In each participating restaurant, a sample of three meals including pork meat was collected. Separate spoons were used to collect each sample from the dish into a whirlpack/plastic bag, shipped with an ice pack for 2 h before delivery to the lab for immediate culture. Each meal received a unique code, and 178 samples composed the collection.

Laboratory investigations

The pork meat contents of each dish were aseptically cut into small pieces (1–1.5 cm²) to increase the surface area (Castillo et al., 1993).

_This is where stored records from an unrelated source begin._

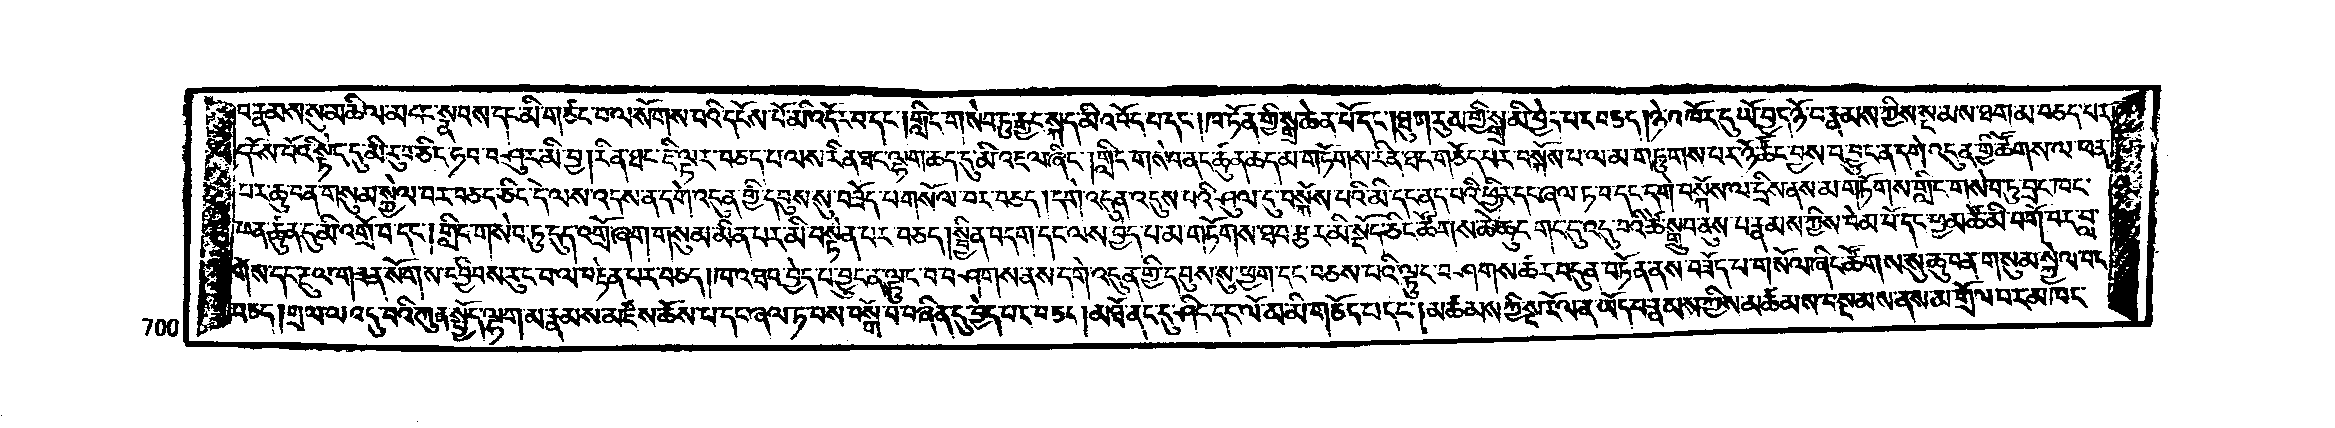བ་རྣམས་སུ་མཆིལ་མ་དང་སྣབས་དང་མི་གཙང་བ་ལ་སོགས་པའི་དངོས་པོ་མི་འདོར་བ་དང་། གླིང་གསེབ་ཏུ་རྒྱང་སྐད་མི་འབོད་པ་དང་། ཁ་ཏོན་གྱི་སྒྲ་ཆེན་པོ་དང་། ཐུག་རུམ་གྱི་སྒྲ་མི་བྱེད་པར་བཅད། ཉེ་འཁོར་དུ་ཡོ་བྱད་ཉོ་བ་རྣམས་ཀྱིས་སྔ་མས་ཐག་མ་བཅད་པར་
དངོས་པོའི་སྟེང་དུ་མི་རུབ་ཅིང་ཧབ་བཤུར་མི་བྱ། རིན་ཐང་ཇི་ལྟར་བཅད་པ་ལས་རིན་ཐང་ལྷག་ཆད་དུ་མི་འཇལ་ཞིང་། གླིང་གསེབ་ནང་ཚུན་ཆད་མ་གཏོགས་རིན་ཐང་གཅོད་པར་བསྐོས་པ་ལ་མ་གཏུགས་པར་ཉོ་ཚོང་བྱས་པ་བྱུང་ན་དགེ་འདུན་གྱི་ཚོགས་ལ་ཕན་
པར་ཆུ་བན་གསུམ་སྐྱེལ་བར་བཅད་ཅིང་དེ་ལས་འདས་ན་དགེ་འདུན་གྱི་དབུས་སུ་བཟོད་པ་གསོལ་བར་བཅད། དགེ་འདུན་འདུས་པའི་ཤུལ་དུ་བསྐོས་པའི་མི་དང་ནད་པའི་ཕྱིར་དང་ཞལ་ཏ་བ་དང་དགེ་བསྐོས་ལ་དྲིས་ནས་མ་གཏོགས་གླིང་གསེབ་ཏུ་བྲང་ཁང་
ཕན་ཚུན་དུ་མི་འགྲོ་བ་དང་། གླིང་གསེབ་ཏུ་དུད་འགྲོ་ཞག་གསུམ་མིན་པར་མི་བསྟེན་པར་བཅད། སྦྱིན་བདག་དང་ལས་བྱེད་པ་མ་གཏོགས་ཐབ་རྩར་མི་སྡོད་ཅིང་ཚོགས་ཆེ་ཆུང་གང་དུ་འདུ་བའི་ཚེ་སྒྲུབ་ནུས་པ་རྣམས་ཀྱིས་བེམ་པོ་དང་ཕྱམ་ཚེ་མི་བགོ་བར་བླ་
གོས་དང་རྡུལ་གཟན་སོགས་དབྱིབས་རུང་བ་ལ་བརྟེན་པར་བཅད། ཁ་འཐབ་བྱེད་པ་བྱུང་ན་ལྟུང་བ་བཤགས་ནས་དགེ་འདུན་གྱི་དབུས་སུ་ཕྱག་དང་བཅས་པའི་ལྟུང་བཤགས་ཚར་བདུན་བཏོན་ནས་བཟོད་པ་གསོལ་ཞིང་ཚོགས་སུ་ཆུ་བན་གསུམ་སྐྱེལ་བར་
བཅད། གྲལ་ལ་འདུ་བའི་ཀུན་སྤྱོད་ལྷག་མ་རྣམས་མཛས་ཆོས་པ་དང་ཞལ་ཏ་བས་བསྒོ་བ་བཞིན་དུ་བྱེད་པར་བཅད། མཐོ་ནང་དུ་ཤིང་དང་ལོ་མ་མི་གཅོད་པ་དང་། མཚམས་ཀྱི་སྔ་རོལ་ན་ཡོད་པ་རྣམས་ཀྱིས་མཚམས་བསྡམས་ནས་མ་གྲོལ་བར་མཁར་

Salmonella isolation and identification

Pork samples, weighing 10 g, were homogenized with a kitchen blender (Vista, France) with buffered peptone water (AES Laboratoire, Combourg, France) in 1:10 sample/broth ratio at 37°C for 18–20 h. One milliliter of this pre-enrichment broth was used to inoculate 10 mL of Muller-Kauffmann tetrathionate broth (AES Laboratoire) and 100 μL of the pre-enriched broth was used to inoculate a Modified Semi-solid Rappaport Vassiliadis (MSRV) (Merck, Nogent sur Marne, France) agar plate. Both of the media were incubated at 37°C and 41.5°C, respectively, for 24 h. Plating was previously achieved by streaking cultures, from a migration zone on MSRV above 20 mm, onto Salmonella-Shigella (SS) agar plates and subsequently by streaking culture from tetrathionate broth onto xylose lysine desoxycholate (XLD) agar plates (AES Laboratoire). The SS and XLD agar plates were incubated at 37°C for 24 h. Typical Salmonella colonies were confirmed by biochemical assays on Kligler-Hajna medium, ONPG medium, and lysine decarboxylase, and then serotyped by a slide agglutination test using Salmonella polyvalent O and H antisera (Diagnostic Pasteur, Paris, France).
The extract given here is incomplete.